Prairie is this: Twelve-foot-high big bluestem. Blazing stars. Sky blue aster. Purple coneflower, also called echinacea. Poppy mallow and downy gentian. It’s 230 species crowded onto a tiny, remnant “postage stamp” prairie. A prairie is marshes, filled with crayfish and ornate box turtles. It’s a silent sky, exploding with a flight of grouse. It’s dust tossed in billows by wallowing bison. It’s prairie fire sending smoke to redden, then blacken, the summer sun; it’s snow in drifts that can bind and kill entire herds of elk. Though the early explorers described what they saw as an ocean, their word “prairie” came from the French or Belgian name for a park or a grassy orchard.
That’s
a prairie—a place that invokes both ocean and garden, both the wildest place and the tamest. And that’s what Twain remembered—a lonely place, but also one replete and bounteous, a place whose sounds and smells and tastes remained with him all through his life.

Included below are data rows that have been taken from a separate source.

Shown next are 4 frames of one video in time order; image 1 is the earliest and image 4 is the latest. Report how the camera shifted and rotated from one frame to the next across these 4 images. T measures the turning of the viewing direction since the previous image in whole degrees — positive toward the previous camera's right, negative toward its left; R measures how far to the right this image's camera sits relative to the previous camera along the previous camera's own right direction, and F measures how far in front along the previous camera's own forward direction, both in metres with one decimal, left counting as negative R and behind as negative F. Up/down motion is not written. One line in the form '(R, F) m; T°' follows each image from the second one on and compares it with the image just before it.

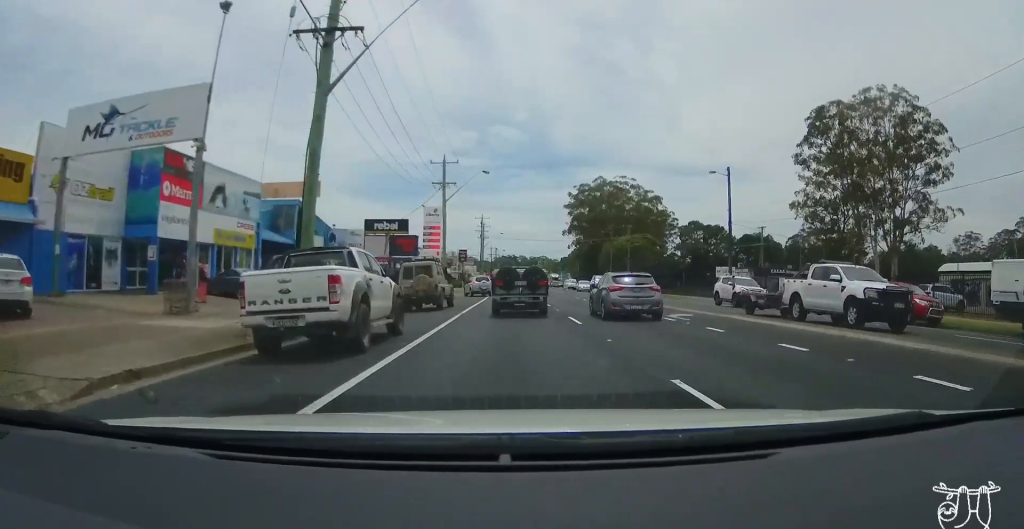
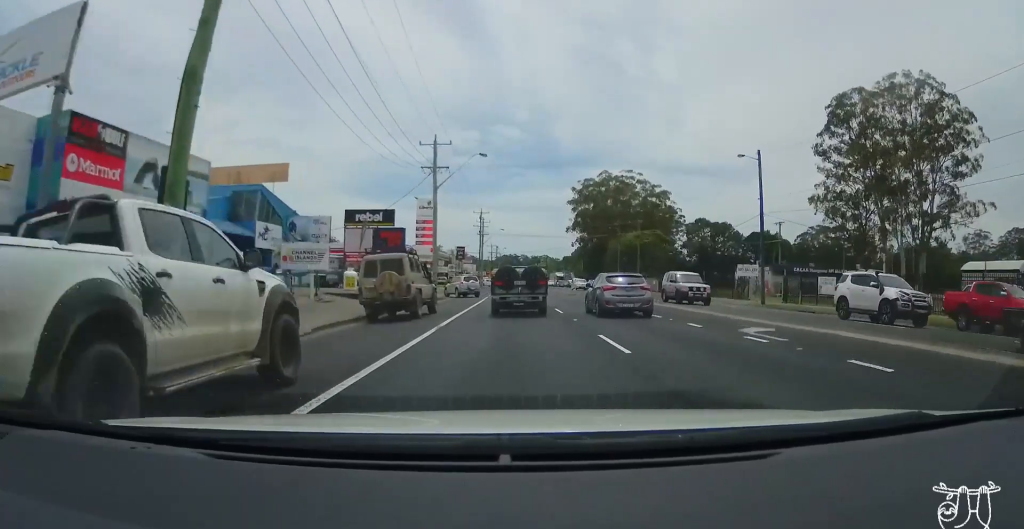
(0.0, +6.6) m; +1°
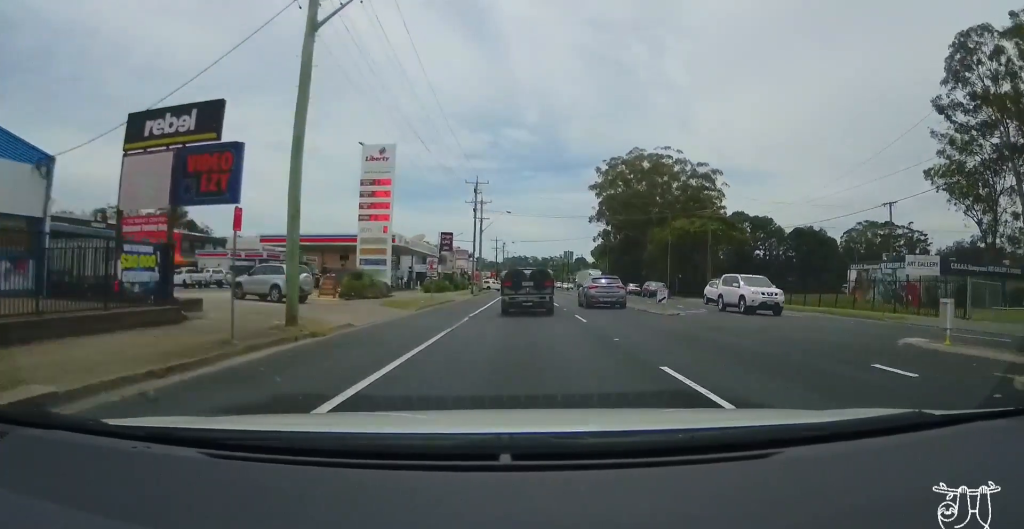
(+1.2, +28.0) m; +3°
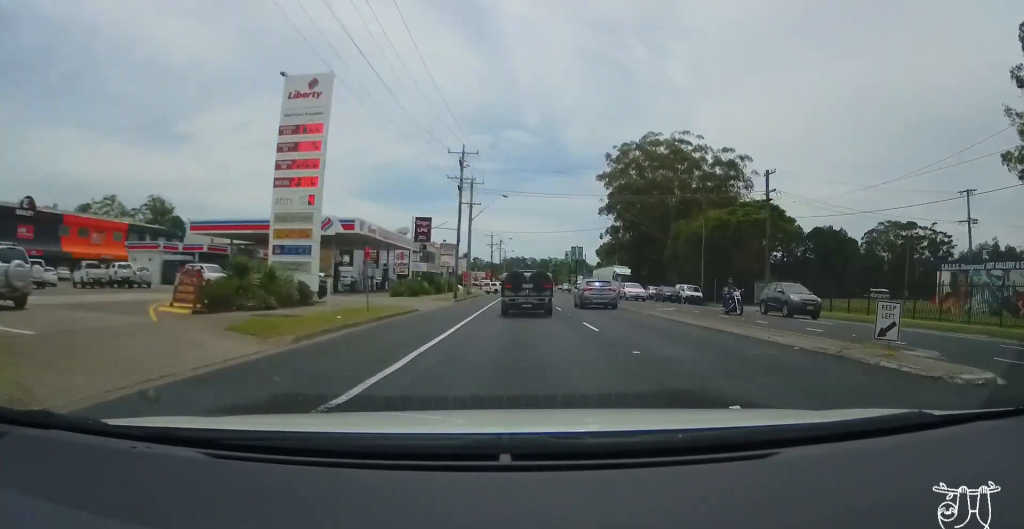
(-0.2, +13.2) m; -1°
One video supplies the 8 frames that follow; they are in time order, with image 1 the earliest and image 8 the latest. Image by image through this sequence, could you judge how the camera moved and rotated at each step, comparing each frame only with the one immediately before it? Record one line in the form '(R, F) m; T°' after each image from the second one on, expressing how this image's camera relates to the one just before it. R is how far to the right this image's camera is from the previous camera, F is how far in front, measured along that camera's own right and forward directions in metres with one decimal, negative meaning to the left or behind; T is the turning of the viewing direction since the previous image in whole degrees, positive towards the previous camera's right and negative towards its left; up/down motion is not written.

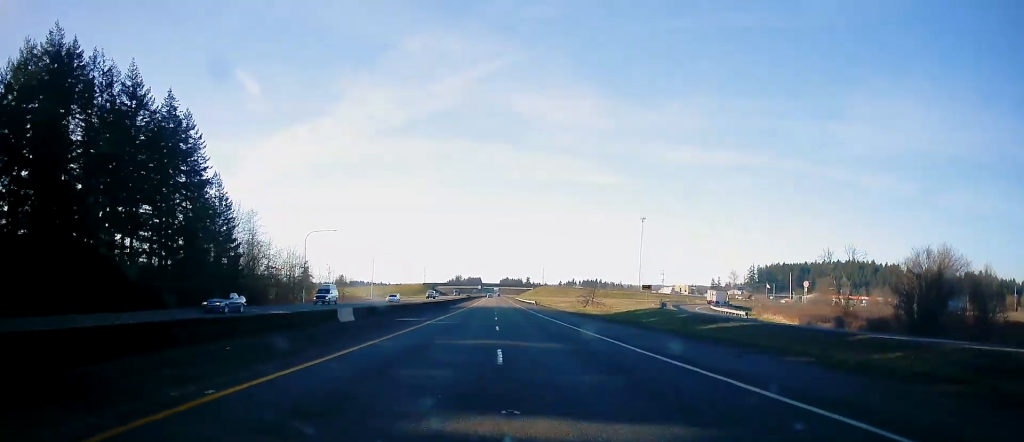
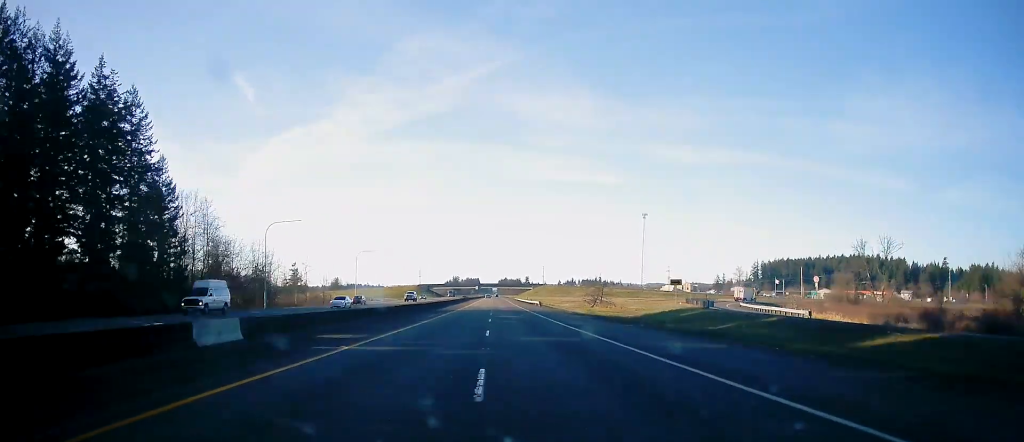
(-0.1, +16.6) m; 0°
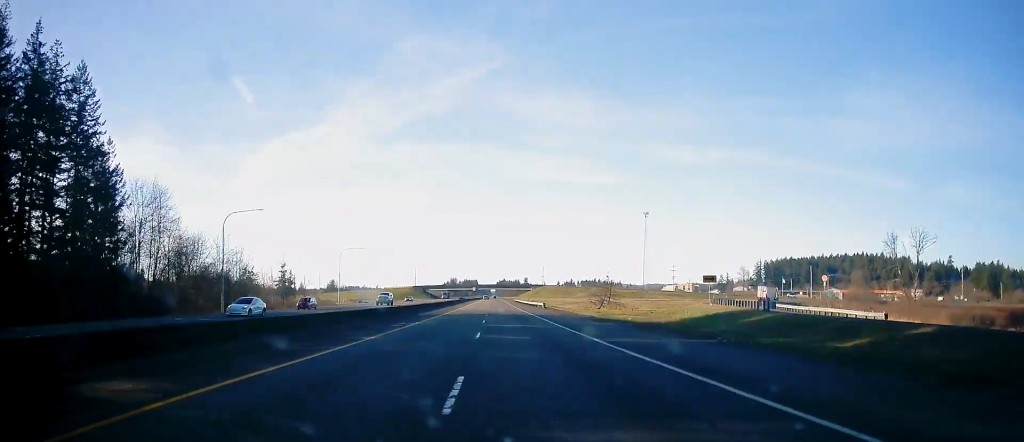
(0.0, +13.2) m; 0°
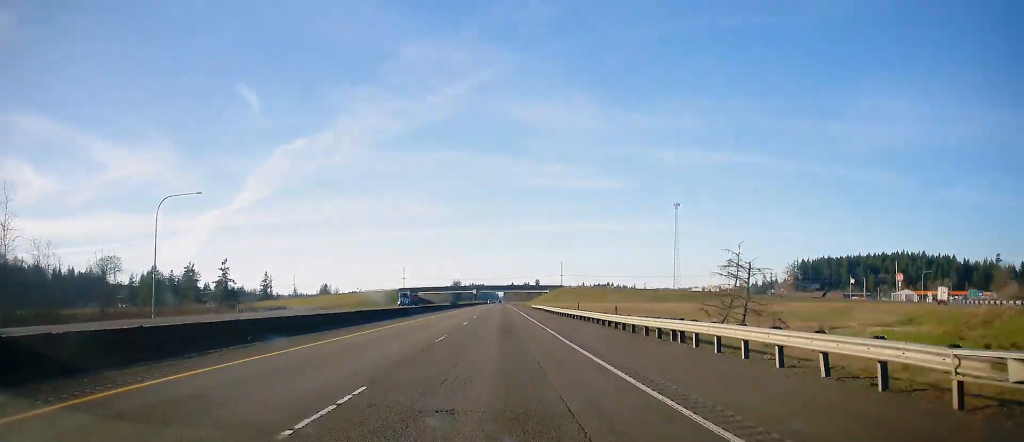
(+1.0, +74.9) m; 0°
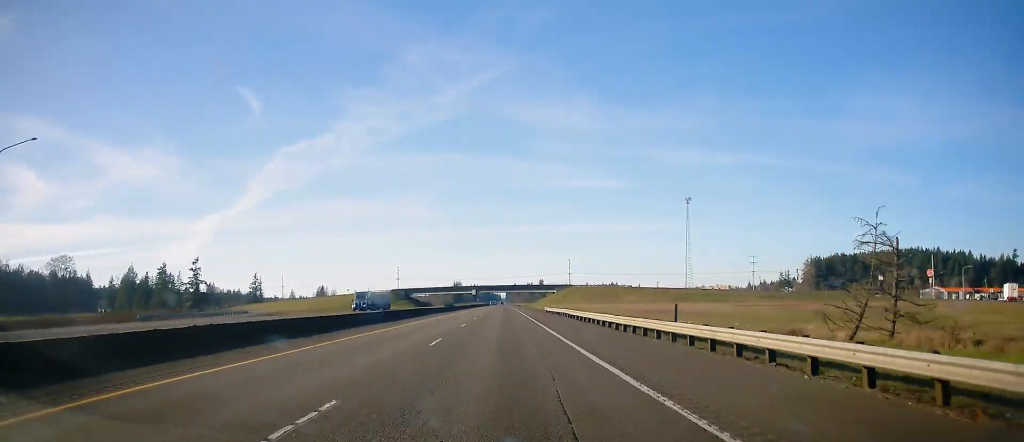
(-0.3, +25.3) m; -1°
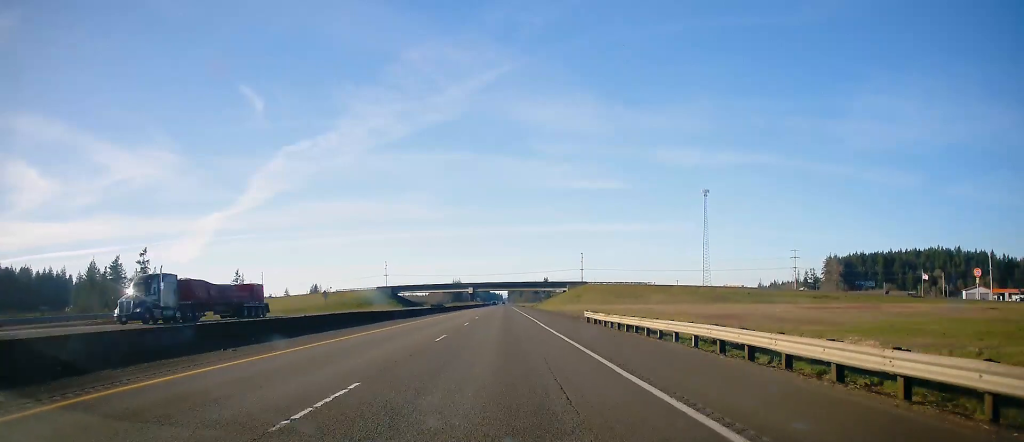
(0.0, +35.4) m; 0°
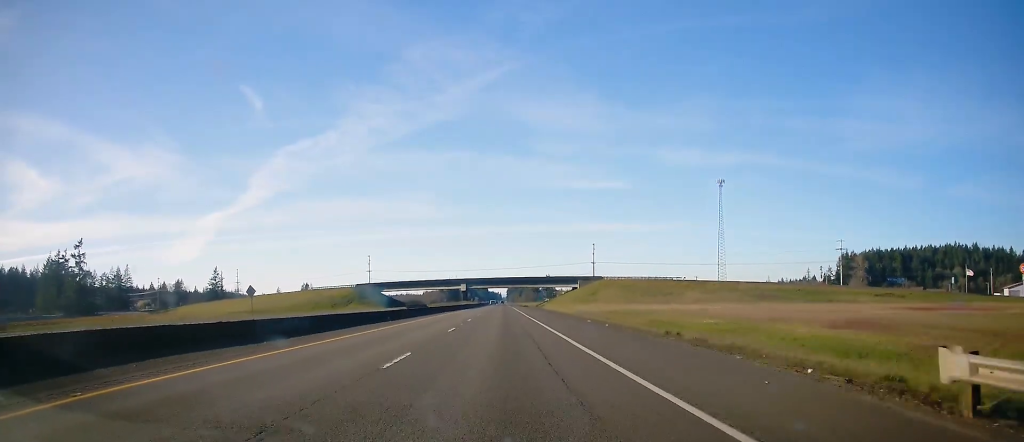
(0.0, +32.1) m; 0°
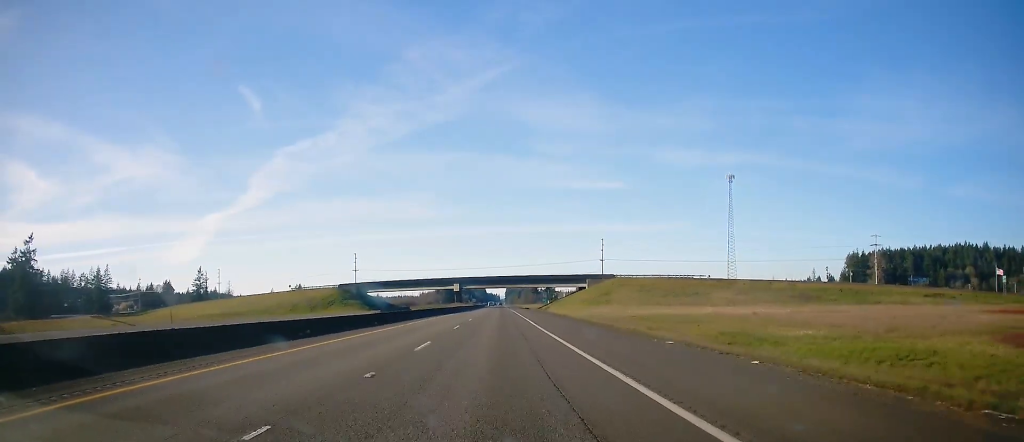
(0.0, +20.0) m; 0°

Today prairie is also, very often—too often—much like what’s in front of me at the moment: a display, nearly a zoo. This tiny patch of grassland, acquired and maintained for the express purpose of preserving the prairie chickens, needs constant human care and attention. Without periodic burns and occasional grazing by hired local cattle to replicate prairie fires and bison, short invasive grasses could, and would, overwhelm Prairie Ridge. Keeping this place “natural” is damned hard work.